小太监捂着脑袋跳下来,堵住三人的去路,“哪个宫的,在这里扔石头,胆子不小啊!”
一见小太监穿着西厂的衣裳,另两个绣女吓得瑟瑟发抖,话都不敢讲。
木桃是个胆子大的,挡在她们面前,笑着拱手:“我们不知墙后头有人,无意冒犯。小公公大人大量,别与我们一般见识。”
小太监指着自己头上的大包,横眉冷对:“这么重的伤,你说得可真轻松!”
木桃有点犯难,从袖口掏出一两碎银,塞在小太监手里,“酒水钱,还望小公公高抬贵手。”
看她们的穿着,小太监认出她们是尚衣监的绣女,想起掌印殊丽已在御前失宠,毫无顾忌道:“一两银子,你在打发要饭的呢?”
木桃手里只有周太妃赏的一两银子,心里犯难,“要不我给你打个欠条,你想要多少呀?可别狮子大开口,我们没有那么多。”
就在这时,禾韵娉娉婷婷地走过来,腰杆比往日直了不少,小太监立马换了谦卑脸,恭恭敬敬地过去行礼,看得木桃一愣一愣的。
禾韵瞪了小太监一眼,“你谁啊,跟我认识?”
小太监在西厂里跑腿,偷瞧过禾韵和张执的好事,知道禾韵背后的金主是自己的顶头上司,自然不敢顶撞,“姑娘说的是,小的哪能认识您啊。”
说着,他让开路,请禾韵先行。
禾韵看都不看他一眼,却在越过木桃三人时,停下了脚步,“你们这是......”
跟自己姑姑有仇的,都是自己的仇人,木桃扬起下巴,摆出小孔雀的骄傲姿态,“不要多管闲事!”

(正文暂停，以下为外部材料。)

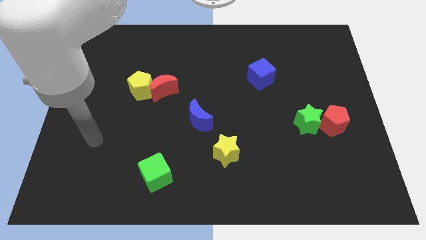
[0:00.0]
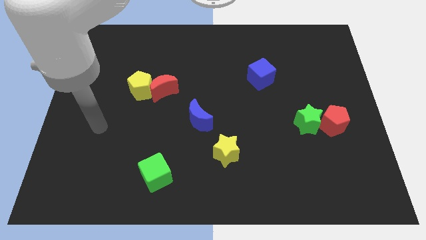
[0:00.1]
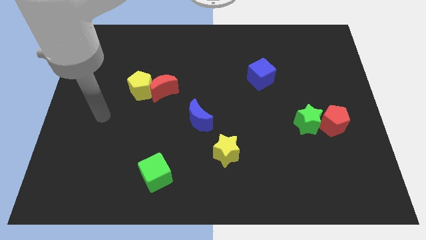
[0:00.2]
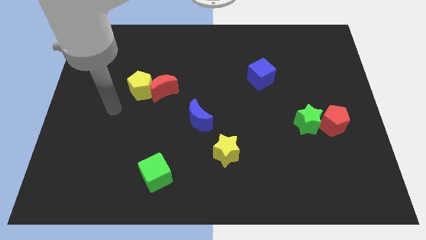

禾韵嗤一声,转头看向小太监,“过来说说,怎么回事?”
小太监躬身走过来,将事情叙述了一遍,还添油加醋,说她们三个无视宫规,乱扔石头。
近些日子,禾韵正苦于找不到尚衣监的茬,今日大好的机会哪能错过,“知道该怎么做吧。”
“?”小太监没听明白。
禾韵冷脸,道了句“没用的东西”,走到木桃面前,抬手扬了一巴掌,狠狠打在木桃的脸上,将木桃打懵在地。
两个绣女捂嘴惊呼,被禾韵一记目光扫去,“敢声张,连你们一块打!”
木桃反应过来,撸起袖子就要还手,进宫以来,有姑姑的保护,她从未受过这样的屈辱。
见状,小太监一把抓住木桃的手腕,扬手就是一巴掌,打在木桃另一边脸上。
男子的力气比女子大得多,木桃被打偏脸,白嫩嫩的面颊红肿一片。
禾韵感到暗爽,原来报复人是这种滋味,她示意小太监继续,小太监毫无顾虑地连掴了木桃十个巴掌,又狠踢了她的肚腹几脚,把人打倒在地。
“行了。”禾韵斜睨一眼嘴角流血的木桃,无所谓道,“今儿只是在给你点教训,下次再敢犯宫规,当心自己的小命,退下吧。”